Isabelle Fremeaux, John Jordan Les sentiers de l'utopie. - La Découverte, 2012.
Au
XIXe siècle, les jeunes Anglais fortunés avaient coutume d'achever leur
éducation par ce qu'on appelait alors "le grand tour", qui les voyait
visiter au pas de course ce qui se faisait de mieux en Europe en matière
d'art et de culture. Isabelle Fremeaux et John Jordan ne sont pas de
jeunes Anglais fortunés, mais des activistes que l'on imagine bien
connus des services de police. C'est pourtant bien à une sorte de grand
tour à leur façon qu'ils se sont dédiés pendant sept mois, le temps de
fignoler ce documentaire, à la recherche de tout ce que le vieux
continent pouvait offrir à l'amateur d'utopies en état de marche. Pas
tout à fait tout, bien sûr, mais un large échantillon et une assez belle
palette, qui va d'une école anarchiste espagnole aux vétérans de Longo
Maï et de Christiania, en passant par plusieurs communautés agricoles,
un Notre-Dame-des-Landes britannique, un village andalou autogéré, des
usines serbes reprises en main par leurs ouvriers et un ancien camp
d'entraînement de la Stasi converti en Shangri-La de l'amour libre.
On
s'agacera peut-être par moments d'une idéologie que l'on jugera un peu
pré-mâchée (sur pain bio de préférence, avec un bon fromage de chèvre)

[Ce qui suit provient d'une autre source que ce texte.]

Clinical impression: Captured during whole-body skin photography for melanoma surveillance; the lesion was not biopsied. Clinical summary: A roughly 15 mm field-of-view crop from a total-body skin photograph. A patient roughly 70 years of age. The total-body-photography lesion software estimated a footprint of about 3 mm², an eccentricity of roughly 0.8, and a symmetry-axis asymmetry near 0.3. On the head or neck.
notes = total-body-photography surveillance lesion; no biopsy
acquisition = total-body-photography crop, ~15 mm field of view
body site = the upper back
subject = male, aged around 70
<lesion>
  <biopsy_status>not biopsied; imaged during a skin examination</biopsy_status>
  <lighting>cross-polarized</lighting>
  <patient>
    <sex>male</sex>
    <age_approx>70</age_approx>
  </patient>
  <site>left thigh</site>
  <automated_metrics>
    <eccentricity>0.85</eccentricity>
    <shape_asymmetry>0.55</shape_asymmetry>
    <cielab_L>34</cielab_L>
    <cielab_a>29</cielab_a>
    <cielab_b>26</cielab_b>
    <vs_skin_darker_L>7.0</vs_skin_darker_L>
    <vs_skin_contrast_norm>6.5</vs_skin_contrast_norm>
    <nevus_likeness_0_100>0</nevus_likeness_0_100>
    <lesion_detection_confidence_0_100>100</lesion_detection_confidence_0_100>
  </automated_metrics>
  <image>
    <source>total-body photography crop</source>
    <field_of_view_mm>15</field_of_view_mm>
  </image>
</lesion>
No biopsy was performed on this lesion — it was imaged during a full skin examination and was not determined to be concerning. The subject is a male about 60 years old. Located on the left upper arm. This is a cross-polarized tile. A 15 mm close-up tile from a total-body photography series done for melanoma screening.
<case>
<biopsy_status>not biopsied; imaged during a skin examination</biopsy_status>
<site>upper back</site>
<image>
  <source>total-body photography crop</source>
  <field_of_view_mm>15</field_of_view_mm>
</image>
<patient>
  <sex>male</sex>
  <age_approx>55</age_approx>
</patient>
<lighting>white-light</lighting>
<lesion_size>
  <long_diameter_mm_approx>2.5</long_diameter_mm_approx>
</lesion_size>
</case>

mais l'on se gardera d'oublier qu'après tout, l'idolâtrie de la
Terre-Mère vaut bien celle du CAC 40 et que notre pseudo-lucidité, bien
souvent, n'est qu'un cynisme déguisé, alimenté par notre seule paresse
petite-bourgeoise. Passé quelques aspects folkloriques, on découvrira
donc un bien beau laboratoire, ouvrant sur une galaxie d'expériences
aussi diverses qu'elles paraissent viables. On nous aurait donc menti ?

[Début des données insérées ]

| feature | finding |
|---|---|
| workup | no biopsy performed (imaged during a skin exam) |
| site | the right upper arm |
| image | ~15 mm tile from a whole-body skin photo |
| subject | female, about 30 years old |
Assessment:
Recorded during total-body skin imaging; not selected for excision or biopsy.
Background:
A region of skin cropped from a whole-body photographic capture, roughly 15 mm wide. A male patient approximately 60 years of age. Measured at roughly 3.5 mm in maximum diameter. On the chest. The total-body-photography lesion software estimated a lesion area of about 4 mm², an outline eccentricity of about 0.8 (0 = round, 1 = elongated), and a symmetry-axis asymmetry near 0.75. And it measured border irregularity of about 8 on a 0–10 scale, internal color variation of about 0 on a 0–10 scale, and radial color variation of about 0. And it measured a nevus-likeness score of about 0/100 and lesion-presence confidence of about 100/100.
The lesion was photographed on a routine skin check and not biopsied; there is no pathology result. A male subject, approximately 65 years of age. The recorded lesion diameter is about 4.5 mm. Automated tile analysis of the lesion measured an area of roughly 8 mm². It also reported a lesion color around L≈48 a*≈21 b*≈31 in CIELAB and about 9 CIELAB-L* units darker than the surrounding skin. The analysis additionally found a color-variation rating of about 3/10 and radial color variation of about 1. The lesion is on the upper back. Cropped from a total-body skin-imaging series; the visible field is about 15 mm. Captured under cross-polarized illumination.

Il serait donc possible d'abolir la propriété privée, sans coercition ni
pressions ? L'homme ne serait pas forcément un loup pour l'homme et
l'avidité ne commanderait pas nos vies ? C'est en tout cas ce qu'une
poignée de gens - une poignée que l'on n'imaginait pas si nombreuse -
s'attachent manifestement à démontrer tout au long de ce livre. À
démontrer et, surtout, à vivre devant nos yeux, avec toutes les
difficultés que cela comporte, bien entendu, mais avec une volonté sans
failles et une implication absolue. On est bien loin du cliché du
baba-cool crado et fainéant : s'engager dans un projet communautaire et
alternatif, c'est pire que la Légion ! Les difficultés sont nombreuses :
matérielles, économiques, affectives... mais volonté et solidarité ne
sont pas non plus de vains mots et, l'un dans l'autre, on ne peut être
qu'admiratif devant le travail accompli. D'autant que ces gens-là
s'avèrent souvent de véritables experts en toutes sortes de techniques
et des rois de la débrouille. La question est d'ailleurs plusieurs fois
évoquée, comme l'un des écueils à de nombreux projets : les timides, les
plus fragiles peinent parfois à trouver leur place dans des projets
portés en priorité par de fortes individualités. Il est vrai qu'il faut
en vouloir, au-delà, parfois, des contradictions : ainsi des membres de
Cravirola, contraints de se nourrir de bouffe industrielle quand
l'intégralité de leur production bio passe à rembourser leurs dettes.
Quoi
qu'il en soit, on est heureux de voir perdurer, et même essaimer,
certaines de ces expériences, comme celle de Longo Maï qui, depuis plus
de trente ans, reste une expérience, un perpétuel chantier dans un vaste
réseau d'échanges ouvert sur l'extérieur. Car, il faut le souligner et
c'est peut-être l'une des clés de leur réussite, à l'encontre des
utopies classiques aucune de ces initiatives ne se vit comme une île,
hors du monde et du temps. Au contraire, elles s'inventent comme un
avenir possible de la société, comme un geste politique, loin de toute
dérive sectaire et de tout repli, dans une conscience aiguë des
contextes politiques, socio-économiques et écologiques. À cet égard, le
mot de la fin restera peut-être à Pepa, "directrice" de Paideia, en
Espagne, qui, répondant à l'étonnement un peu naïf des auteurs de voir
sortir aussi peu de militants d'une école anarchiste, leur confie :
"notre objectif n'est pas de produire des anarchistes à la chaîne. Ils
doivent choisir leur propre voie."
À
noter que, depuis le début, ce livre est aussi un film. Pour ceux qui
voudraient mettre un visage sur tous ces noms, le documentaire est
visible ici.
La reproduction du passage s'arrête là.